Data records:
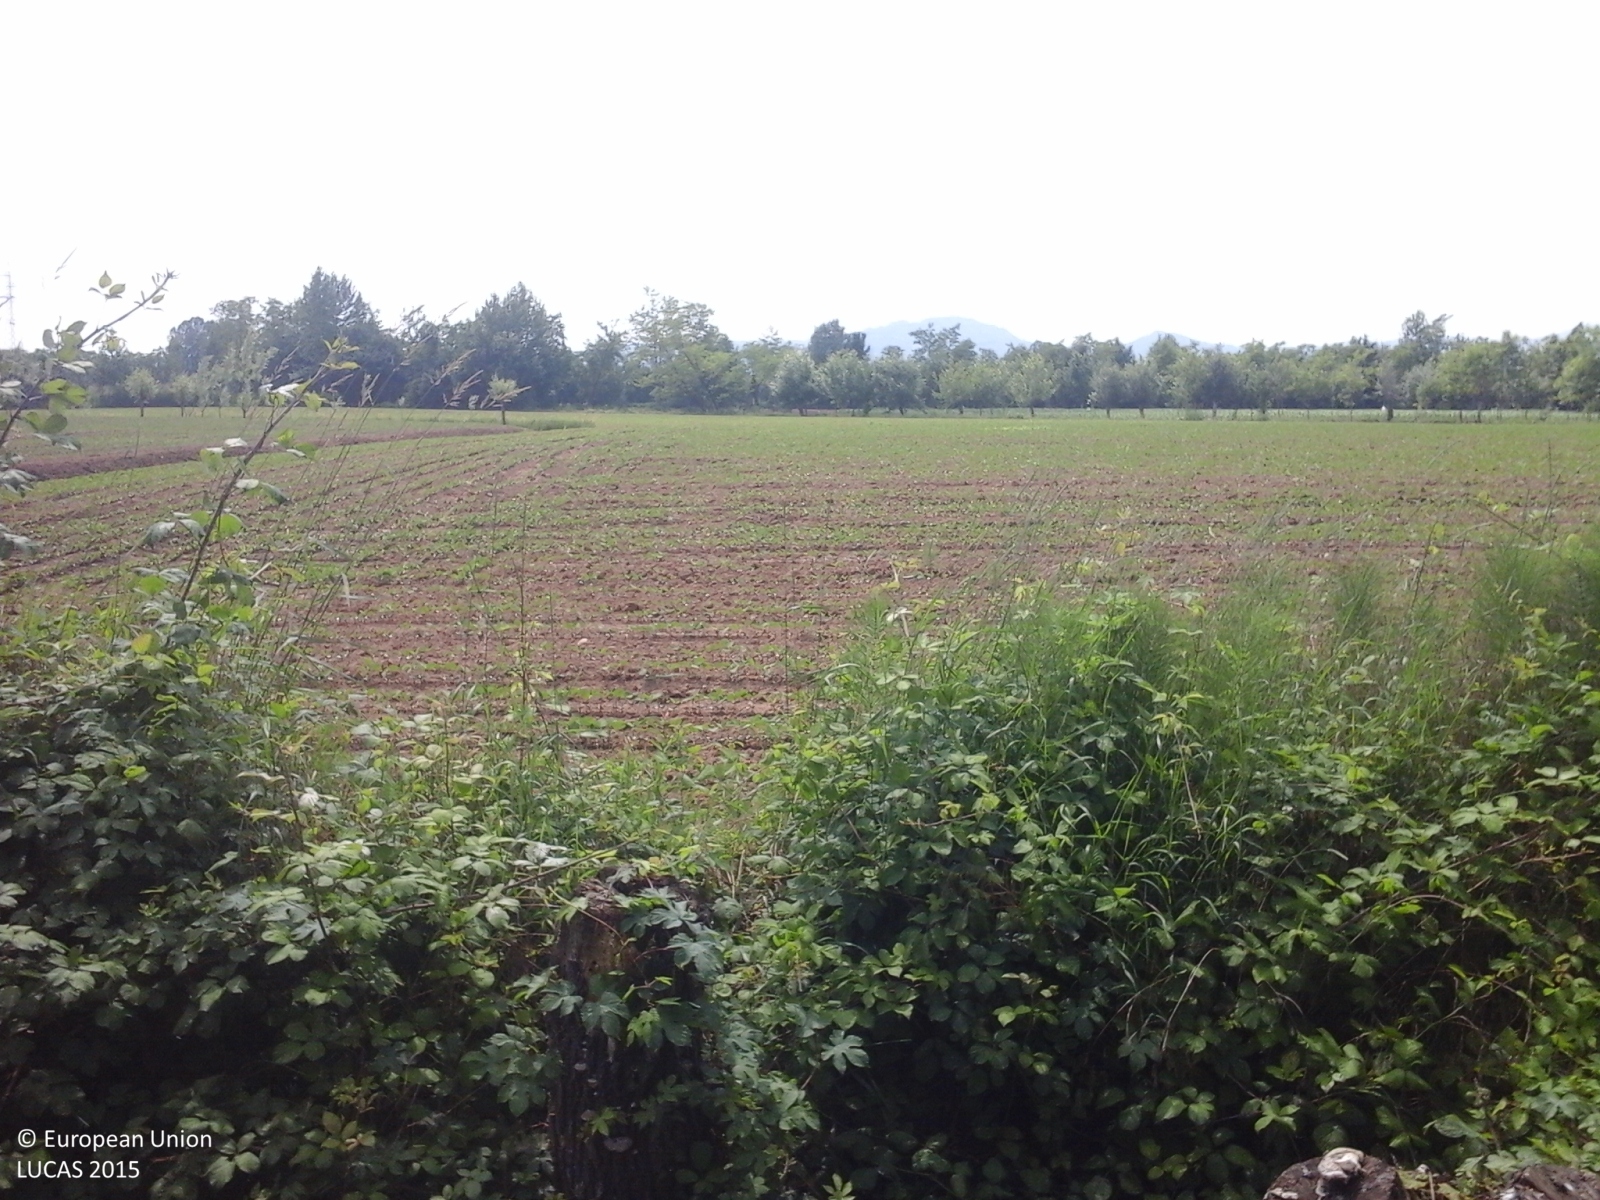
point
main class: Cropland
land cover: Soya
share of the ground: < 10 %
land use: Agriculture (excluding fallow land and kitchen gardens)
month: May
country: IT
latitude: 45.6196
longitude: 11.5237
--
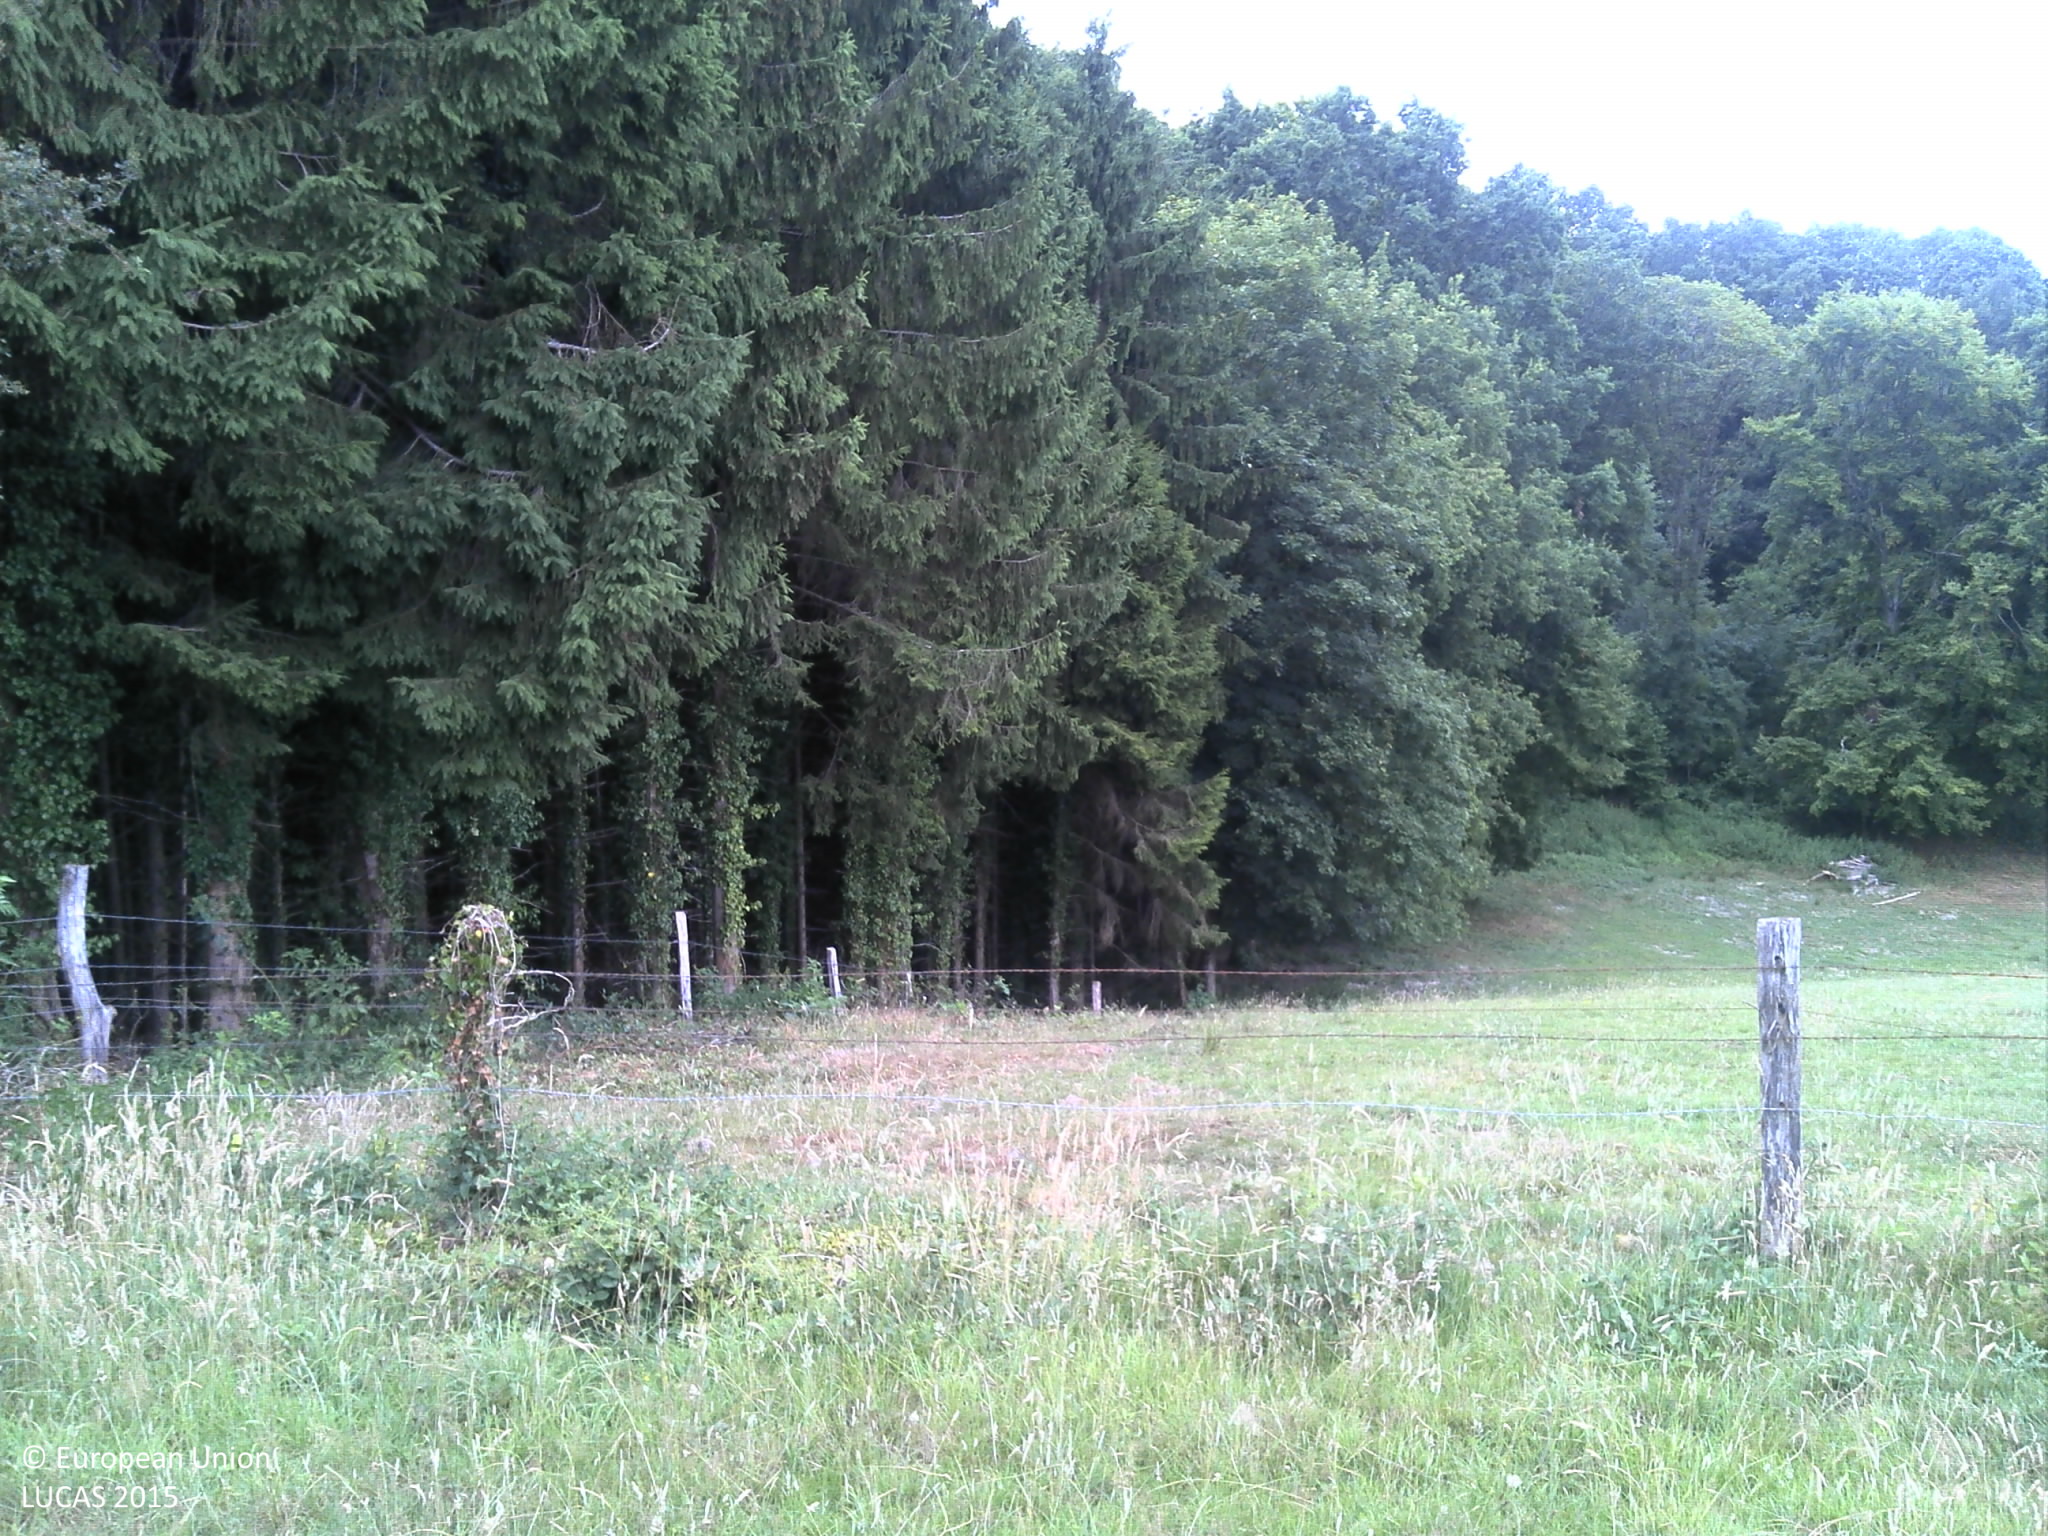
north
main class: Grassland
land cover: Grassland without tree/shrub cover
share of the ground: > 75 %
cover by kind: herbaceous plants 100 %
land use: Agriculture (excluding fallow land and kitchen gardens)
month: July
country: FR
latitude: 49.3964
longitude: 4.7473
* * *
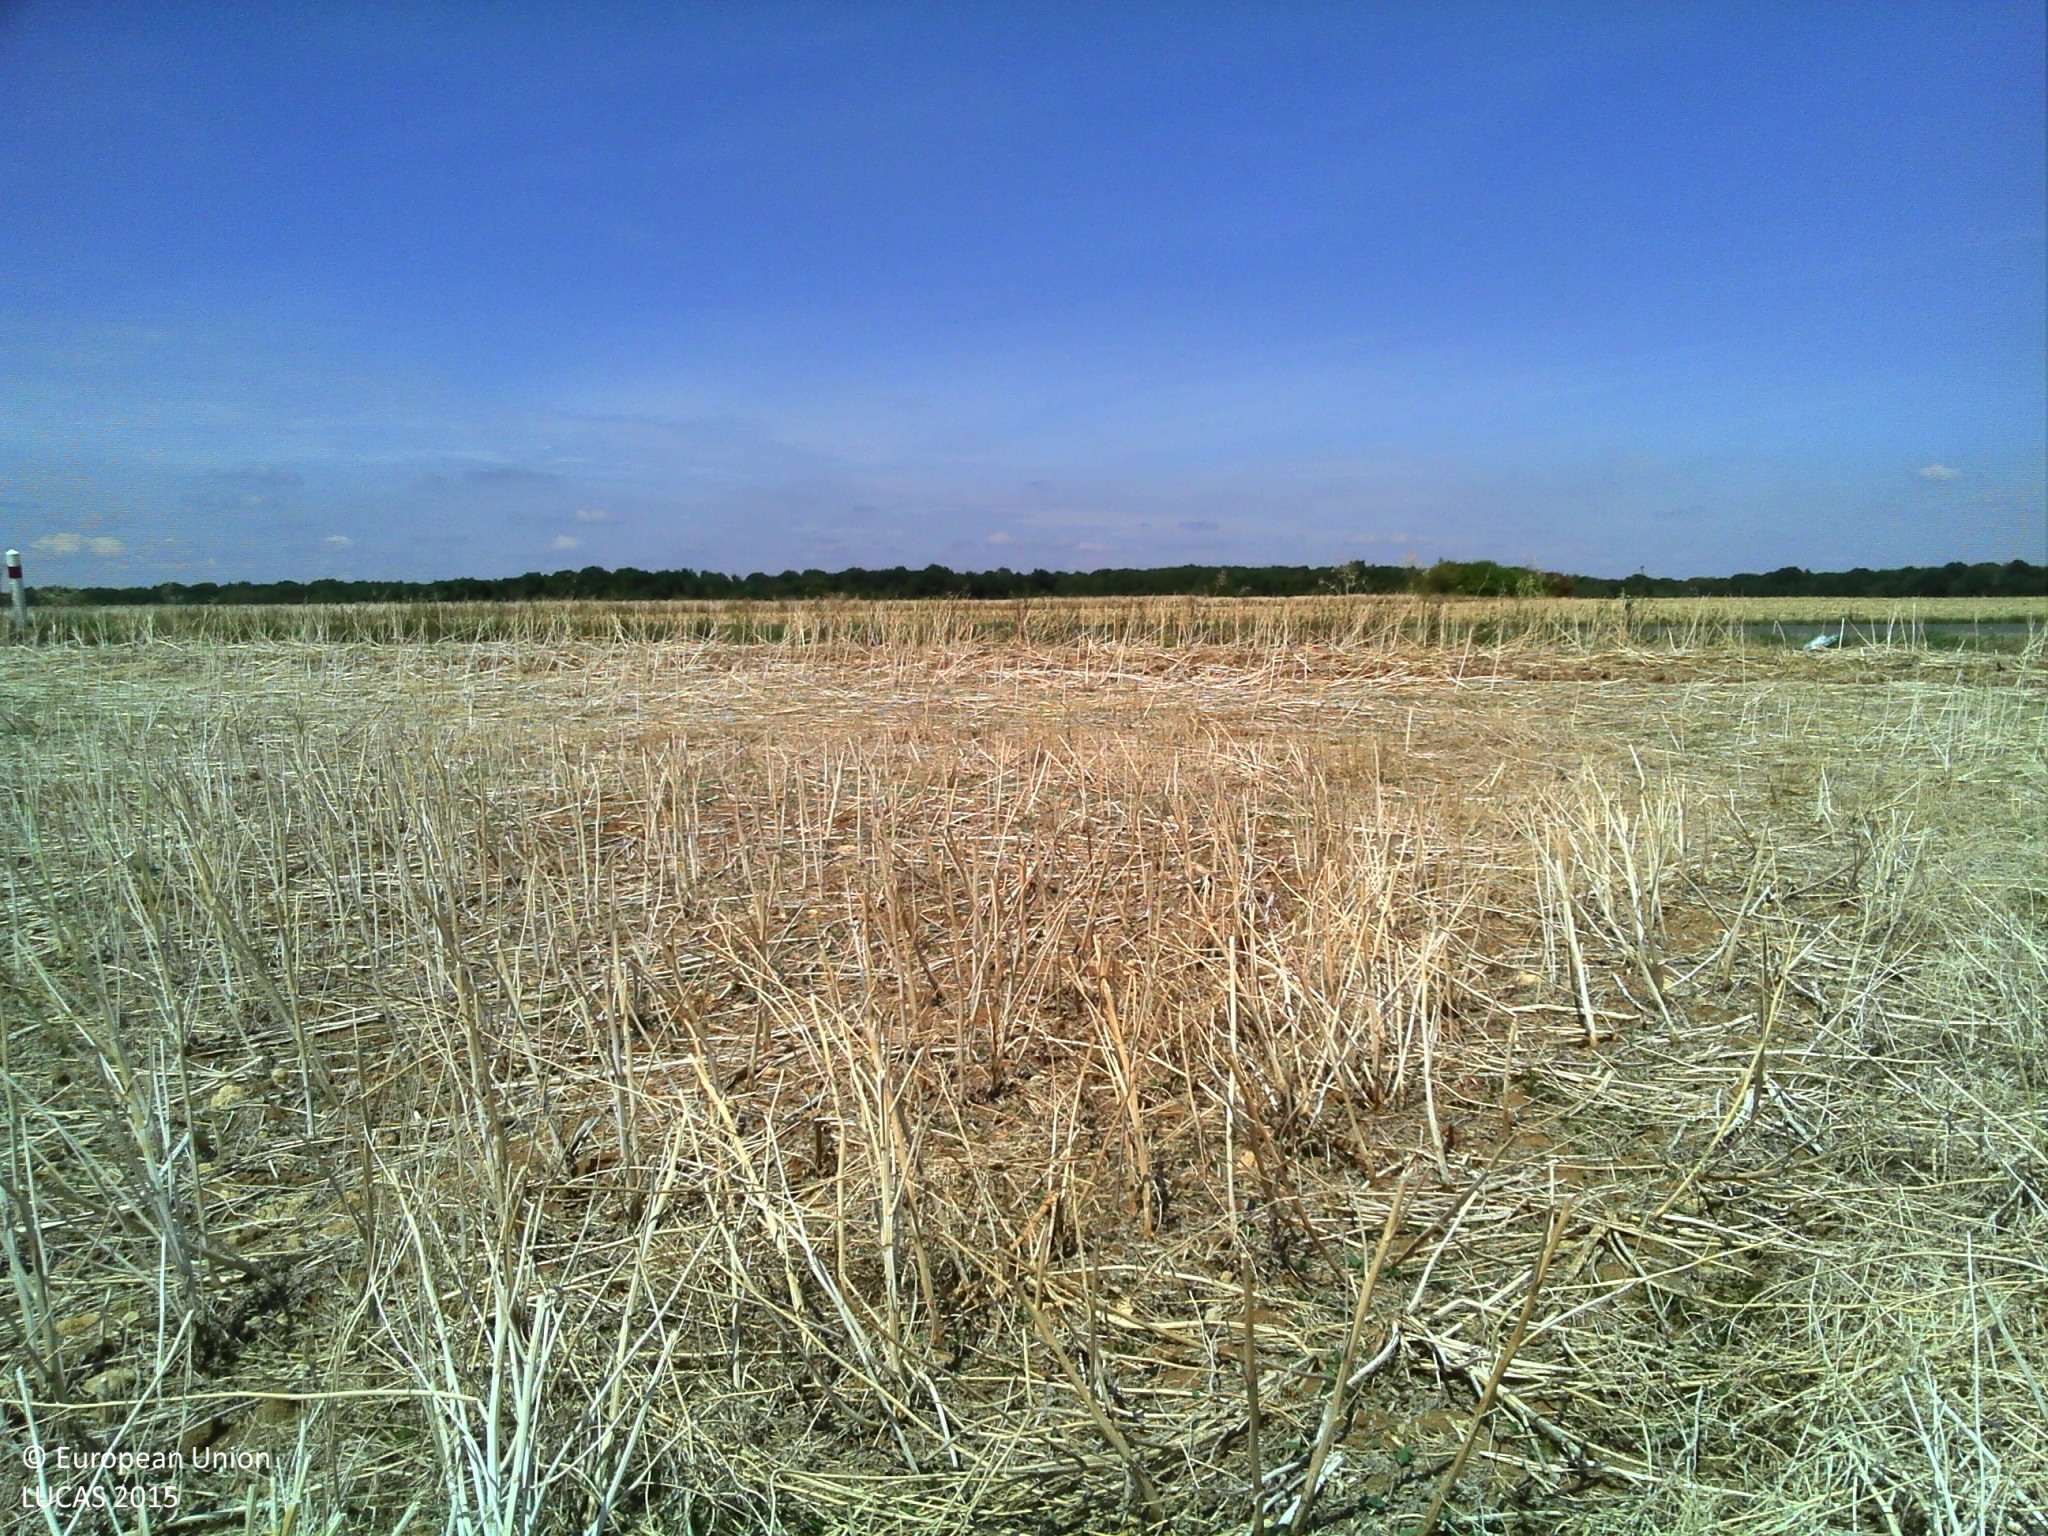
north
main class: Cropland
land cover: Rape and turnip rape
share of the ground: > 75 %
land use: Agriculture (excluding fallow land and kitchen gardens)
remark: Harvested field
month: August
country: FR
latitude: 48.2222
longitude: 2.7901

### BRIEF
All lines above from the one containing "share of the ground: < 10 %" to the one containing "longitude: 11.5237" must be repeated exactly, both lines included, and no others.

### TASK RESULT
share of the ground: < 10 %
land use: Agriculture (excluding fallow land and kitchen gardens)
month: May
country: IT
latitude: 45.6196
longitude: 11.5237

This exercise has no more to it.